Pierre LE LUYER naquit à Plouaret, le 30 décembre 1752, fit ses humanités au collège, ses études théologiques au séminaire de Tréguer, reçut la prêtrise en 1776 des mains de Mgr Jeau-Baptiste-Joseph de Lubersac [Note : Armes de Monseigneur de Lubersac. Origin., du Limousin : de gueules au loup d’or (V. Courcy, édit Plihon, tome 2, p. 209)]. Successivement vicaire de Plougonven et de Plougraz, il arrive à Pleubihan en 1786 (Abbé Le C.). En 1790 et 1791 il refuse le serment schismatique.

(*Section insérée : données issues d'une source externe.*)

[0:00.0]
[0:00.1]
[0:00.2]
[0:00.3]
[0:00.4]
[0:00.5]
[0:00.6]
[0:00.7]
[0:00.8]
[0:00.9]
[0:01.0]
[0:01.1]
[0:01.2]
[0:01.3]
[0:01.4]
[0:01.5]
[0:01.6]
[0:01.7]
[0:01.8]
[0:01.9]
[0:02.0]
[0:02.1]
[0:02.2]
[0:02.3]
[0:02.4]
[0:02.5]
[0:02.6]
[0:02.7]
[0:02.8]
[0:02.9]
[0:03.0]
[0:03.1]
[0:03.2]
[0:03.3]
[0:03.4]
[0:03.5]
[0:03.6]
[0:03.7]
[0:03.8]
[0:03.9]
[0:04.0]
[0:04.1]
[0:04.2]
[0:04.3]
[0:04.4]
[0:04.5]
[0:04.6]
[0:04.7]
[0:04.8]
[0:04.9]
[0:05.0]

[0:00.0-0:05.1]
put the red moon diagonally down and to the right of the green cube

Il fut remplacé par élection des citoyens du district de Pontrieux, en septembre 1791, par un nommé JEAN LE BÉAU (en breton Iann ar Béo), né à Ploulec’h en 1750. Ce triste sire fut d'abord, en 1776, curé de la trêve de Loc-Quémau en Trédrez, puis, en 1788, curé ou vicaire de Goudelin. C'est là qu'il prêta serment à la constitution civile du clergé en 1791 (Abbé le C.) Ce premier pas dans la voie du schisme coûta-t-il au sieur Le Béau ? Il est probable que non, car depuis il prêta tous les serments qu’on exigea de lui, se soumit à toutes les obligations qu'on lui imposa, hormis de se marier et de livrer ses lettres de prêtrise sur l'autel de la patrie.

Dès l'arrivée de cet intrus à Pleubihan, missire Pierre Le Luyer protesta dignement et cria au loup ravisseur. « Instruit, dit-il, qu'un autre prend ma place dimanche prochain, je laisse entre vos mains les registres publics de la paroisse ». Ceci se faisait d'après réquisition et se passait le 30 novembre 1791.

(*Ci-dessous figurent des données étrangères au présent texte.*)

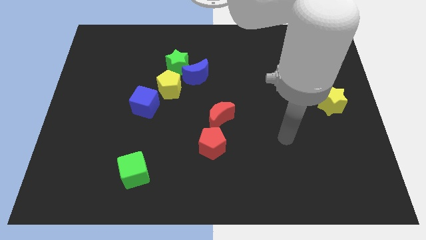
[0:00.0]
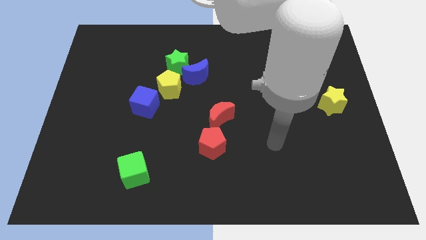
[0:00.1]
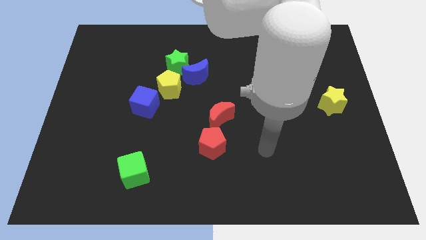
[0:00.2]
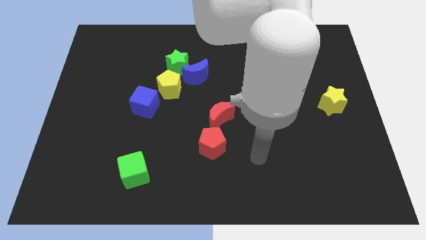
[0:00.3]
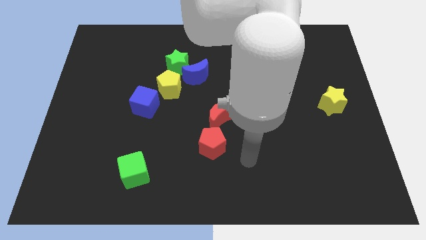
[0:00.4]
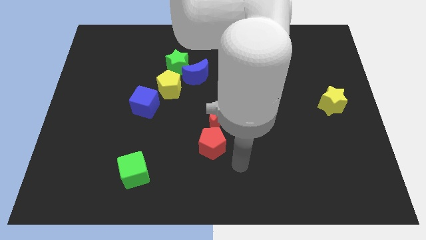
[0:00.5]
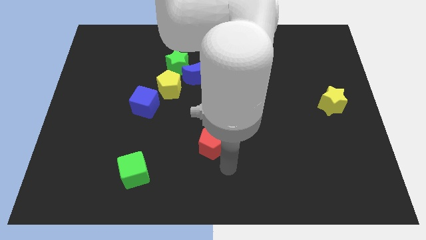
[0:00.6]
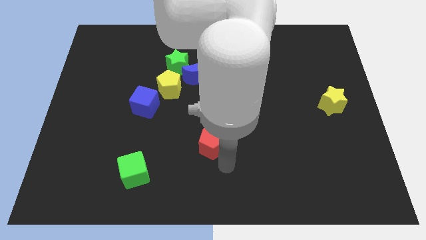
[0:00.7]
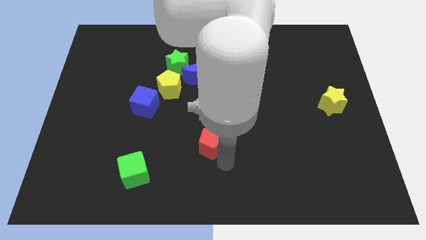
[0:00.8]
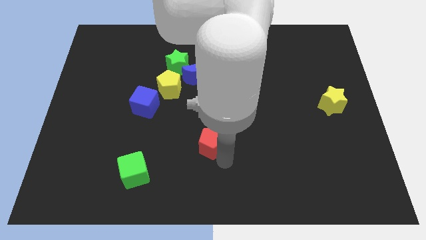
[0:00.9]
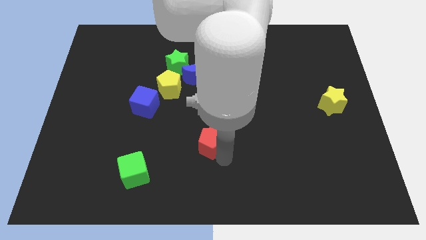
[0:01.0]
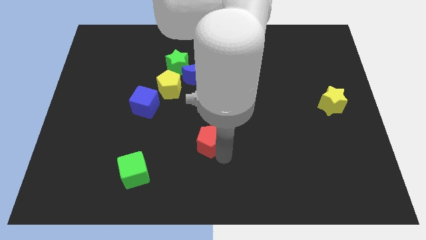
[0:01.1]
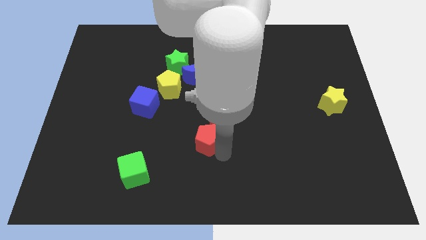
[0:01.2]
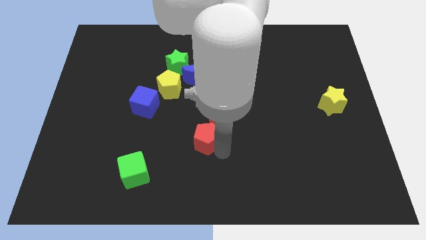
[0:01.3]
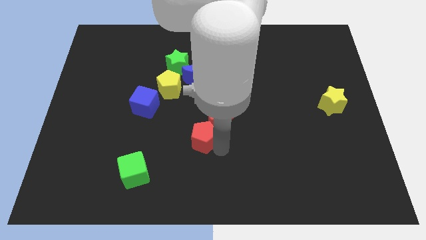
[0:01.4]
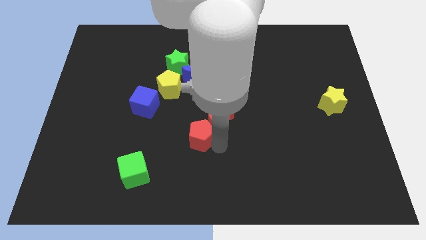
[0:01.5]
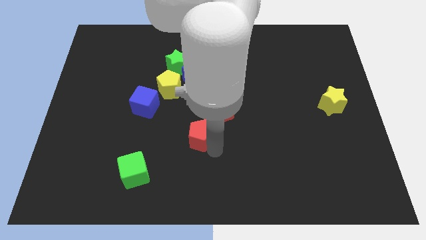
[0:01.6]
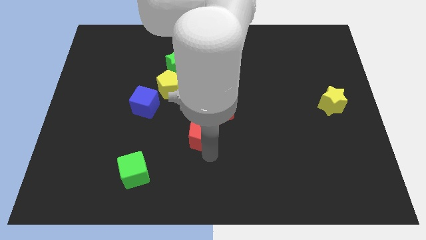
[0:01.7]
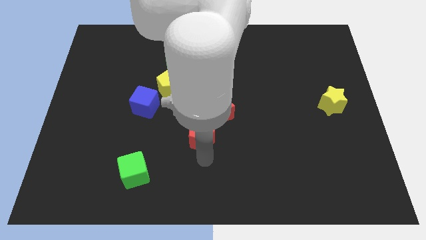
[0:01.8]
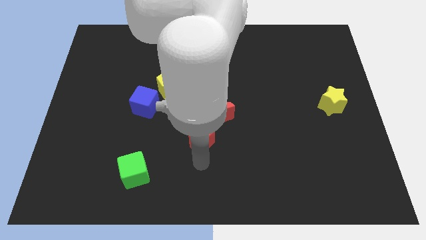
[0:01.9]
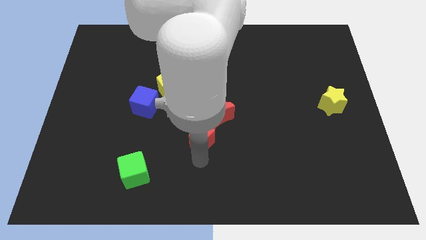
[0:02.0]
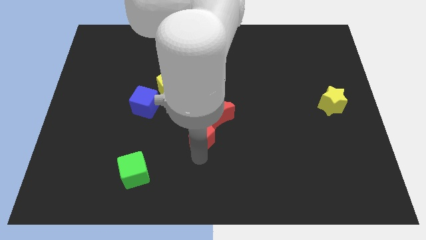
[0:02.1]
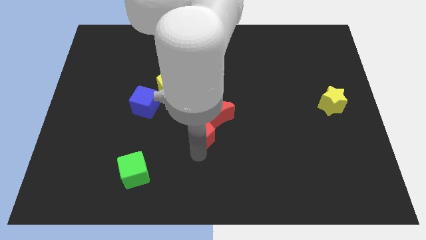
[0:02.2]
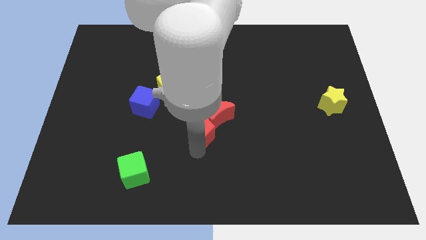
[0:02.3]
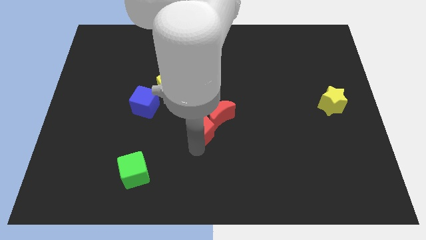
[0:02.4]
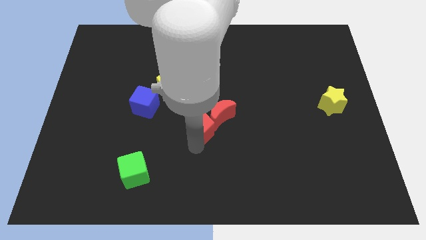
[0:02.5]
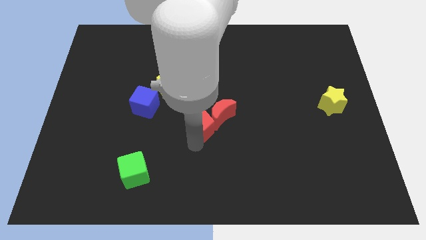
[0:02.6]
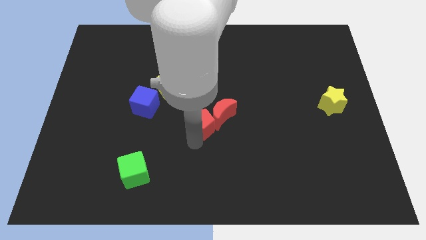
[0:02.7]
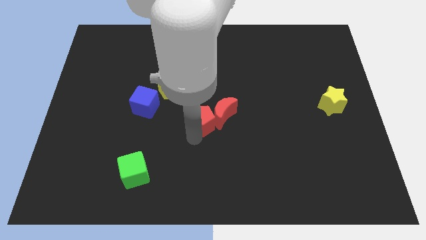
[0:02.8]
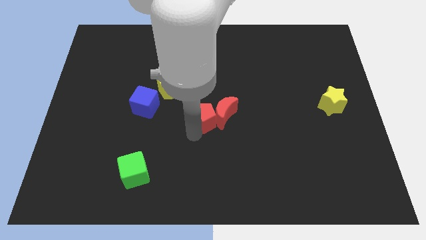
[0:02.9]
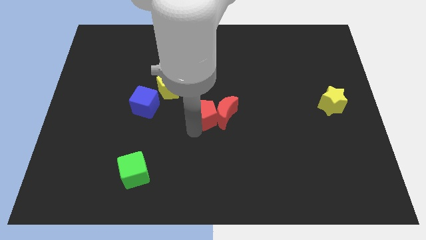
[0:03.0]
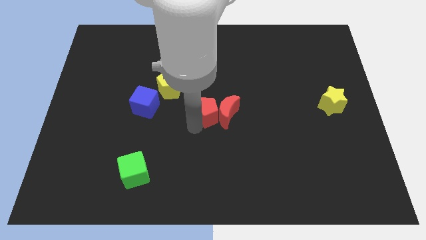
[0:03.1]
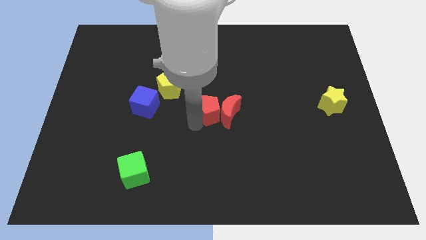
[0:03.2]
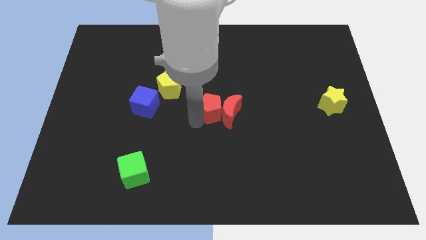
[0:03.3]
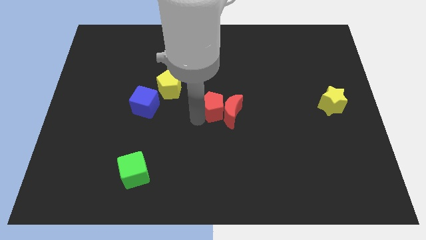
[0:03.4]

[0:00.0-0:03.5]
put the red pentagon to the bottom right side of the blue moon

Cette noble protestation du pasteur, « préposé par une autorité légitime au gouvernement spirituel de cette paroisse » (ce sont les termes de missire P. Le Luyer), appela de la part de Jean Le Béau l'odieuse dénonciation suivante :

« J’ay l’honneur de remontrer à Guillaume-Jean Le Quellec fils, que le sieur Le Luyer cy-devant curé d'office de Pleubian, ne voulant point se rendre utile aux habitants des lieux, qu'au contraire il n'assiste à aucun des offices, ce qui occasionnent un scandale parmi le peuple. Et que de plus il insinue aux âmes faibles une doctrine daugereuse et donnent à croire que les personnes qui assistent à ma messe sont séparée de la communion de notre mère la sainte Eglise comme participante au fonction d'un hérétique, schismatique et intrue, je vous prie M., comme prêtre de la commune pour le bien de la paix et pour le salut du peuple confié à mes soins que vous communiquiez ma requeste aux officiers municipaux pour qu'ils y fassent droits. A Pleubian, le 19 novembre 1791. Le Béau, curé de Pleubian ».

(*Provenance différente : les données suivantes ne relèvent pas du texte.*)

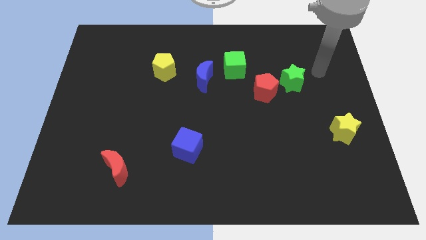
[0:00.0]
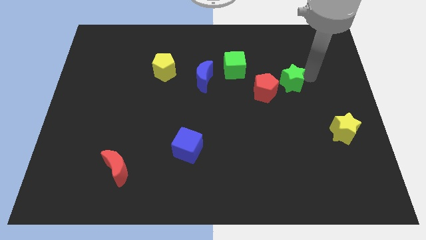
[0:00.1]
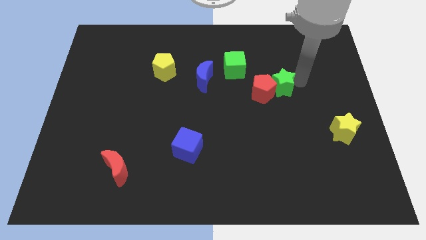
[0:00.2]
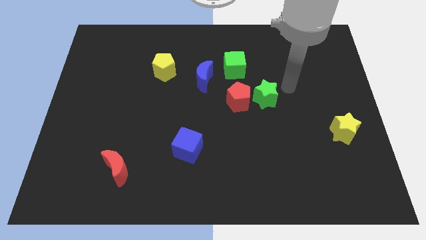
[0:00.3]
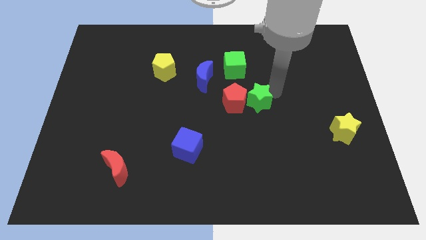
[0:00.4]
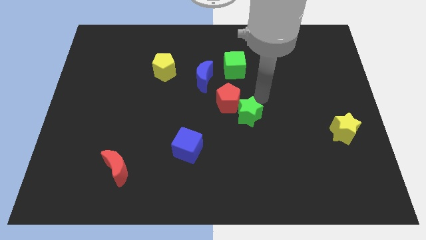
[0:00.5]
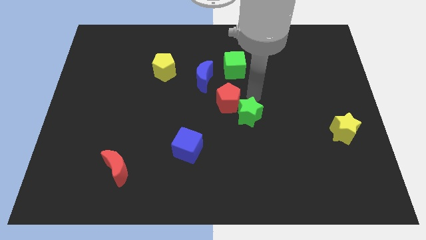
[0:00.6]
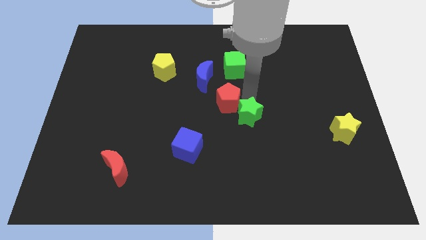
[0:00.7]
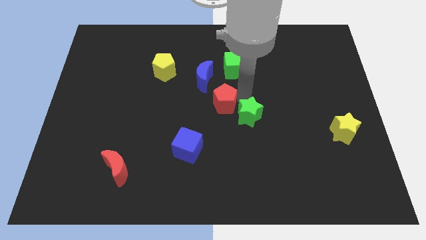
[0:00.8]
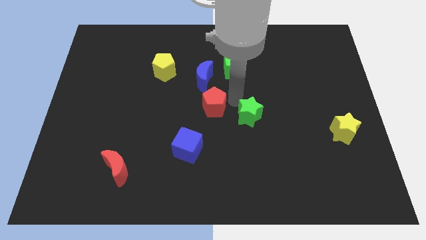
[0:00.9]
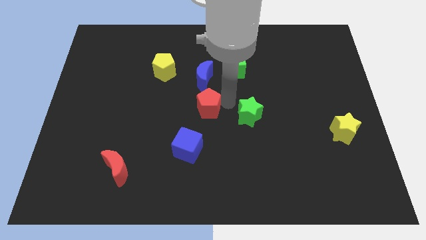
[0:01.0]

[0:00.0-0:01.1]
put the red pentagon to the top side of the blue cube

O dive bouteille, que de fautes d'orthographe, que d'erreurs de doctrine on commet après t'avoir goûtée !

Au bas de ce réquisitoire est écrit :
« Vû le requeste ci-dessus, je requiers, MM., que vous ayez à prendre et à délibérer là-dessus. A Pleubihan, le 20 mois et ans que dessus. Guillaume-Jean Le Quellec fils ».

Conclusion :

« Vû la remontrance da l'autre part, nous, maire officiers municipaux et notables, vu que le sieur Le Luyer ne communique pas et n’assiste pas aux offices des dimanches et festes, qu'il ne dit pas sa messe à l'heure de la commodité du public, sommes unanimement d'avis qu'il plaise à Messieurs les administrateurs du directoire du district de nous donner un ordre de nottifier audit sieur Le Luyer de sortir de notre paroisse et avons signé, le vingt novembre mil sept cents quatre-vingt-onze.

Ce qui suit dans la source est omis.